Retype only what runs from the line that contains "Atelectasis: negative" through the last line of the listing below, both lines included.

--- START ---

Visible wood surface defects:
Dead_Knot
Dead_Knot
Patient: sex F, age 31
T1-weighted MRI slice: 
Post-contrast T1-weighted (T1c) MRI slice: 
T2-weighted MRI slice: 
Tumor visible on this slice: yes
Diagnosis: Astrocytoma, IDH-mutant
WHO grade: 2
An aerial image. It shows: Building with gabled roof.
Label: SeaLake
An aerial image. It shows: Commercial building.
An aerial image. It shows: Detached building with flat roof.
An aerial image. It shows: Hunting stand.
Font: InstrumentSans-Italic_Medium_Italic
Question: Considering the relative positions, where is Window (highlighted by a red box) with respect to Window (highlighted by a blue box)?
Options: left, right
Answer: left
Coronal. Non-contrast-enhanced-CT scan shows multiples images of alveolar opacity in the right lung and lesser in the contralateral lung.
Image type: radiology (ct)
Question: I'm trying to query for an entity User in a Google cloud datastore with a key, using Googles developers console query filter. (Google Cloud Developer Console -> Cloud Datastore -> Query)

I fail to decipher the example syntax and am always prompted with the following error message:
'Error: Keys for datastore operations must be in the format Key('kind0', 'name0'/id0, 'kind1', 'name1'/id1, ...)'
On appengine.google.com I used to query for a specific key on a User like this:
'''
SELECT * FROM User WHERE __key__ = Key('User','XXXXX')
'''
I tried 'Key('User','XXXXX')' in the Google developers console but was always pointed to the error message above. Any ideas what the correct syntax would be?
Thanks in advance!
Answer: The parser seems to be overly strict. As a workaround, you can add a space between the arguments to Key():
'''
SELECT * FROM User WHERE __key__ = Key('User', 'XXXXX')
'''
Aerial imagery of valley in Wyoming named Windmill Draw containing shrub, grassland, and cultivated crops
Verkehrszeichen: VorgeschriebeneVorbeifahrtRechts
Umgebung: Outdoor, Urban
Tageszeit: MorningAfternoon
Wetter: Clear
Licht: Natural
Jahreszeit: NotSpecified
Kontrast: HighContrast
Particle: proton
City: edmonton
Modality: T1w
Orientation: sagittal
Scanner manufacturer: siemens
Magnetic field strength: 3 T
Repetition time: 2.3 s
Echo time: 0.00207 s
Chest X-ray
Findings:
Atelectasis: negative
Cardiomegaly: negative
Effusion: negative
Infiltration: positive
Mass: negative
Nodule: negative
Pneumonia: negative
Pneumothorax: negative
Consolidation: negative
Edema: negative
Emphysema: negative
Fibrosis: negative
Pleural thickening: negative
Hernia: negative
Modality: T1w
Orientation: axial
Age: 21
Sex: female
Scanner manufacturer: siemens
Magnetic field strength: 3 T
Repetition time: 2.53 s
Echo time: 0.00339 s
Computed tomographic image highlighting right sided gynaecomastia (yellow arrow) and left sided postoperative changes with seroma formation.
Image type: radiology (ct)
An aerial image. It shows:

--- END ---

RESPONSE TO THE TASK -
Atelectasis: negative
Cardiomegaly: negative
Effusion: negative
Infiltration: positive
Mass: negative
Nodule: negative
Pneumonia: negative
Pneumothorax: negative
Consolidation: negative
Edema: negative
Emphysema: negative
Fibrosis: negative
Pleural thickening: negative
Hernia: negative
Modality: T1w
Orientation: axial
Age: 21
Sex: female
Scanner manufacturer: siemens
Magnetic field strength: 3 T
Repetition time: 2.53 s
Echo time: 0.00339 s
Computed tomographic image highlighting right sided gynaecomastia (yellow arrow) and left sided postoperative changes with seroma formation.
Image type: radiology (ct)
An aerial image. It shows:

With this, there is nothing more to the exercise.